PCOS or Polycystic Ovarian Syndrome is an endocrine disorder that can affect hormones, metabolism and the immune system. Getting a comprehensive lab test is the first step to really understand what is going on with your hormones. Having gone through the process myself each year, I wanted to share with you the list of PCOS lab tests that I believe are important to ask for when you are talking to your doctor.
I have divided the PCOS lab tests up into sections based on different hormones.
PCOS Lab Tests
1. Glucose Metabolism:
When you eat something that contains long strands of glucose the body will break it down into individual glucose molecules. This will signal the pancreas to release insulin. Insulin’s job is to take the glucose and shuttle it into the cells to be used for energy. If the cells do not become responsive to insulin it can result in “insulin resistance.” This results in a build of insulin and glucose in the blood stream. It is important to check out how well your body is processing insulin and glucose because it can cause an increase in testosterone therefore worsening your PCOS.
- Fasting Insulin
- Fasting Glucose
- Oral Glucose Tolerance test
Androgens are known as testosterone and similar hormones. They are one of the most important factors of PCOS. Androgens are known to be essential to women’s health. Androgens are required to build muscle mass, maintain libido, and support kidney, bone and heart health. Major symptoms of high androgens include, hair growth, hair loss and acne.
- Free testosterone – produced in the adrenal glands, ovaries and in the blood stream
- Total testosterone
- DHEA-S – produced in the adrenal glands, and small amounts in the ovaries
- Androstenedione – produced in the ovaries and the adrenal glands
3. Reproductive Hormones:
Estrogen is required in the first half the cycle to build the follicle that will eventually release an egg during ovulation. Progesterone is predominant in the second half of the cycle after ovulation occurs. These hormones are important to see if a women is building a strong follicle, if she is ovulating and if she has adequate progesterone levels.
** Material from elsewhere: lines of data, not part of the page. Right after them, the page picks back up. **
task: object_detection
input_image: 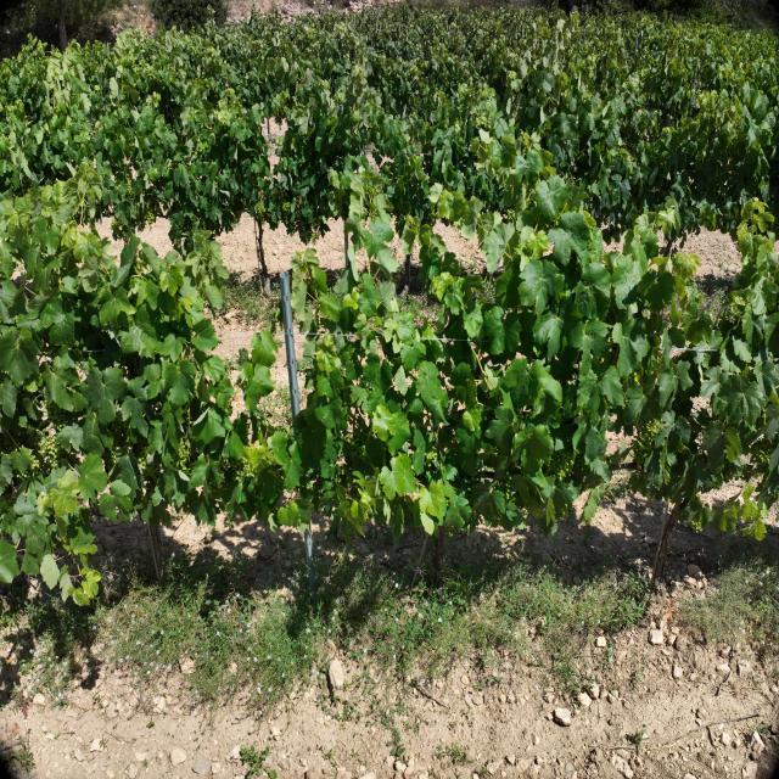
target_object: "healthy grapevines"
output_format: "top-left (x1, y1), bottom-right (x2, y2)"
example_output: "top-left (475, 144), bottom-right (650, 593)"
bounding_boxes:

4. Pituitary Gland Hormones:
The pituitary gland that sits in our brain produces FSH and LH. The function of FSH is to prepare the follicle for ovulation. As estrogen rises high in the cycle before ovulation, the LH surge occurs so that the egg can be released from the follicle. These two are important to test because it is common to see a ratio of 3:1 or 2:1 LH:FSH on Day 3 of the cycle in PCOS women.
Prolactin is released by the pituitary and signals to the mammary glands to produce milk. High levels of androgens can result in high prolactin.
- Follicle Stimulating Hormone (FSH)
- Luteinizing Hormone (LH)
5. Thyroid Health:
There is a large overlap between PCOS symptoms and thyroid syndrome. Each condition can worsen one another. Additionally, low thyroid function can aggravate insulin resistance. So it is important to get your thyroid checked.
- Thyroid Stimulating Hormone (TSH)
- AMH – Anti-Mullerian Hormone
- Lipid/Cholesterol Panel
- CRP – marker of inflammation
- Cortisol curve – to investigate how well your body is producing cortisol in times of stress
These PCOS lab tests are ment to service a guide. Please speak to your healthcare provider to determine which tests are required.